My only complaint is that a lot of the written documentation is out of date about a number of topics. As the kernel has evolved it's gained and lost a number of APIs and depending on when resources were published they may say a number of conflicting things about how to carry out a task (registering a character device and getting it in /dev is the big one that comes to mind).
This is why kernel hackers tend to say "Use the Source, Luke!" instead of pointing you at documentation. The one exception is documentation that talks about the high-level design of a feature (e.g. Documentation/pi-futex.txt), which is usually updated whenever there's a complete rewrite or major design change.
I worked as a linux kernel programmer for a time. All I really did was work slowly on bugs. It seems that there are always neat features that need implementing but the number of engineers with the now specialized skills required is relatively small compared to the general population of embedded engineers. It seems rare to find someone willing to cultivate an embedded engineer into a kernel developer. They're not hard and fast separations, but still, this division remains.
So, if you can, try to connect with actual kernel engineers, do an interesting project in school for a professor doing hardware work, etc.
One project that might help out is to re-write the 8150 USB network adapter project. The devices that have this chipset are easy and cheap to find and the data sheet is easily available. There's a PCI version of this chip, the 8139, too.
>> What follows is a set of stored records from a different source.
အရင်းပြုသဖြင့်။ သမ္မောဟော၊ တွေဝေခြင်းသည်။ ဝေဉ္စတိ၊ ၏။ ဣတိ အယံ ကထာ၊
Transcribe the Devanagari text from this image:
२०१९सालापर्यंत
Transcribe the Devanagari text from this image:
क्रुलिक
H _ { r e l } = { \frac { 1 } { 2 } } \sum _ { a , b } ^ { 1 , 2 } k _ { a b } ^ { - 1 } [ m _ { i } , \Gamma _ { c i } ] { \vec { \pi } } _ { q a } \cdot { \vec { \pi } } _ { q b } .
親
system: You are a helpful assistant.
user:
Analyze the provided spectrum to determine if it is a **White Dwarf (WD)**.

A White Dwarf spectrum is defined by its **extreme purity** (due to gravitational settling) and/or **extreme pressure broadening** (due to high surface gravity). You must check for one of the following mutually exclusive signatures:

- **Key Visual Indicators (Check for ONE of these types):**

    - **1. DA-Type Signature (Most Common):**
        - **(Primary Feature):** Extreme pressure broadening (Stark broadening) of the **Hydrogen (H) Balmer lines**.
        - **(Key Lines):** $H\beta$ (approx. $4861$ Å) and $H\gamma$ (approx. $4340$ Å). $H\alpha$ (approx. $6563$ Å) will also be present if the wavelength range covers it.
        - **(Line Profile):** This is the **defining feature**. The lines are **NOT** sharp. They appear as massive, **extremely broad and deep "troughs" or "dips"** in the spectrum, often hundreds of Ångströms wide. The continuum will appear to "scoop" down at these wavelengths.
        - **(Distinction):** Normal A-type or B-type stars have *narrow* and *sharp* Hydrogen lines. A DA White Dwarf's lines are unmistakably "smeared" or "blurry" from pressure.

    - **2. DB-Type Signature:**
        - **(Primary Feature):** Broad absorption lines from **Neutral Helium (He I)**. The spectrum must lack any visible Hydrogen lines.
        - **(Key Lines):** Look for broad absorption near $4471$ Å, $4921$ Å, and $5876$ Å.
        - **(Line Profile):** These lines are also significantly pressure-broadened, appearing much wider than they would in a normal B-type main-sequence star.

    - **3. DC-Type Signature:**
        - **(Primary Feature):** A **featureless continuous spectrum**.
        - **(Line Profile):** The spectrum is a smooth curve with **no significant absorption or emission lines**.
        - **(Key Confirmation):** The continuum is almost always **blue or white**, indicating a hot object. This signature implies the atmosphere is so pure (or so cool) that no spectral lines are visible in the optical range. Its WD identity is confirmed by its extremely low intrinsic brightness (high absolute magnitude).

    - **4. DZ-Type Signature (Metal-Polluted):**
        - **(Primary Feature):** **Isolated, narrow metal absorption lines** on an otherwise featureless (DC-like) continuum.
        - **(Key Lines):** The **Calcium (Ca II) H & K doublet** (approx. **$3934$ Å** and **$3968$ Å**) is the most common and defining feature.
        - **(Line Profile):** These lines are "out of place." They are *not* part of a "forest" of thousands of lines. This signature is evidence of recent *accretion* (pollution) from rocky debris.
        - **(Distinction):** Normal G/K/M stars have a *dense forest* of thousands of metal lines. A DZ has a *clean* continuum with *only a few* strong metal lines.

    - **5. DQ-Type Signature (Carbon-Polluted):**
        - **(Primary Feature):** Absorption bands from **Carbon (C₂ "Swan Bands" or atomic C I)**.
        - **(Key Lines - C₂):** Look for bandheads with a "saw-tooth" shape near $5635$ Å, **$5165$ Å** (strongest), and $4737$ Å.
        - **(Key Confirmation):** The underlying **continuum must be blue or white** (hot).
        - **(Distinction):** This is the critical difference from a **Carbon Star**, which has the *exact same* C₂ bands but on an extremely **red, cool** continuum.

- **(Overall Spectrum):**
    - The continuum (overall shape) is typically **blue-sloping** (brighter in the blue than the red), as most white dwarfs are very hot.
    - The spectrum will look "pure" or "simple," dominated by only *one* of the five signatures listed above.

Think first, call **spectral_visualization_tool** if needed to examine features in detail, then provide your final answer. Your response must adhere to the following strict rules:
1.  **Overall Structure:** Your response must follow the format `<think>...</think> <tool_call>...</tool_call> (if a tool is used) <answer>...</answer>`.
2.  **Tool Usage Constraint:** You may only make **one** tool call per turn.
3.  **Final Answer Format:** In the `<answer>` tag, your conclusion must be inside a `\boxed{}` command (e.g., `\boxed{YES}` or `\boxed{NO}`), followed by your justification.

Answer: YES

Wonderful - showing how little magic there really is in kernel programming. I recommend that everyone who does Linux programming go through this tutorial, even if just for fun - and for the sake of seeing how different the world on the other side of the syscall is. When writing a kernel-mode driver, a single bug usually means a reboot: either because you screwed up some refcount, so the module cannot be unloaded anymore - or because you clobbered something badly and the kernel is toast.
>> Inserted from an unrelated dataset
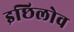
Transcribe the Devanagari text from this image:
इछिलोव
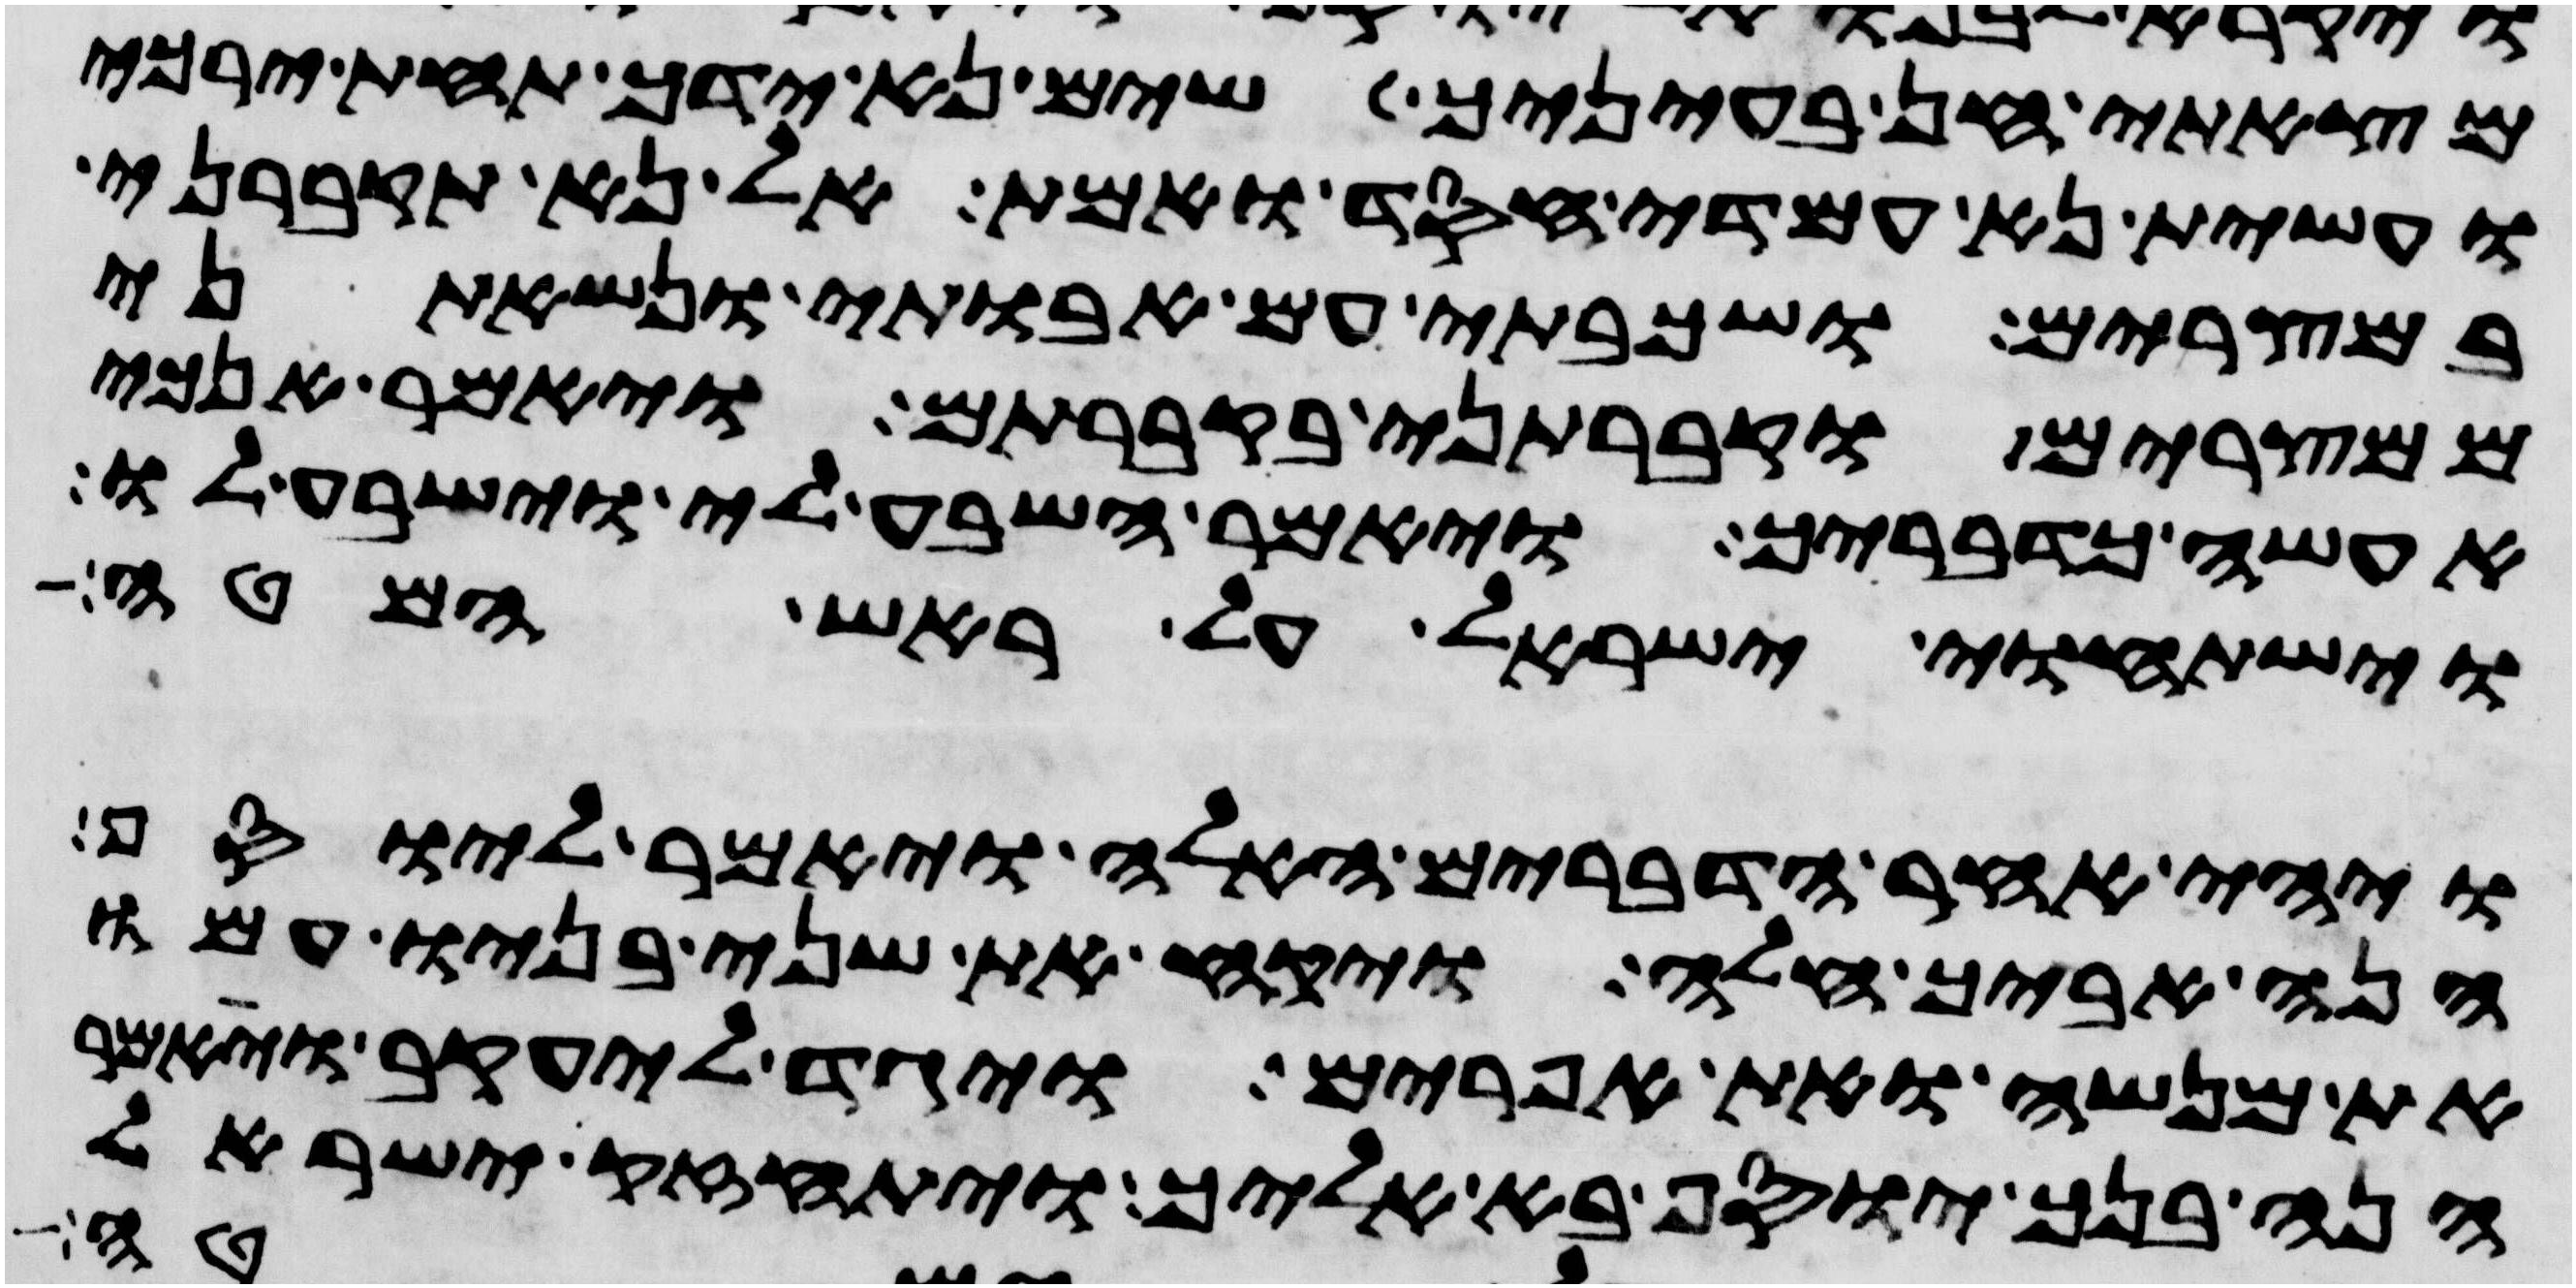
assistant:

Having a driver-writing background, I silently laugh at the recent unit testing hype - I simply know from experience there are areas where you need much more care, gut and skill than def test_something(). And besides, you just can't unit-test a DMA transfer.
If you give this a try, take note: the drivers include the <linux/config.h> header file which was removed in 2.6.19. You should be able to remove it from the source with no ill effects (a quick test of the "memory" driver worked)...
I remember, this was my tutorial when my lead had told me to practice writing some dummy device drivers as our team was supposed to merge into kernel team. Well, the merge didn't happen and this was my first and last device driver.
I liked the clarity and ease it offered to a first timer. I was somehow miffed about moving to kernel team from Java(app dev) but after this tut and some more articles I was disappointed when finally I didn't. This was one of the articles that changed my leaning towards learning C in a positive way. C is now my interview language :-).
It doesn't make it any less relevant, people post Wikipedia pages, irrelevant news stories meant to make you "awww" on here, etc, at least this not only provides technical insight but is also relevant to the normal content on HN.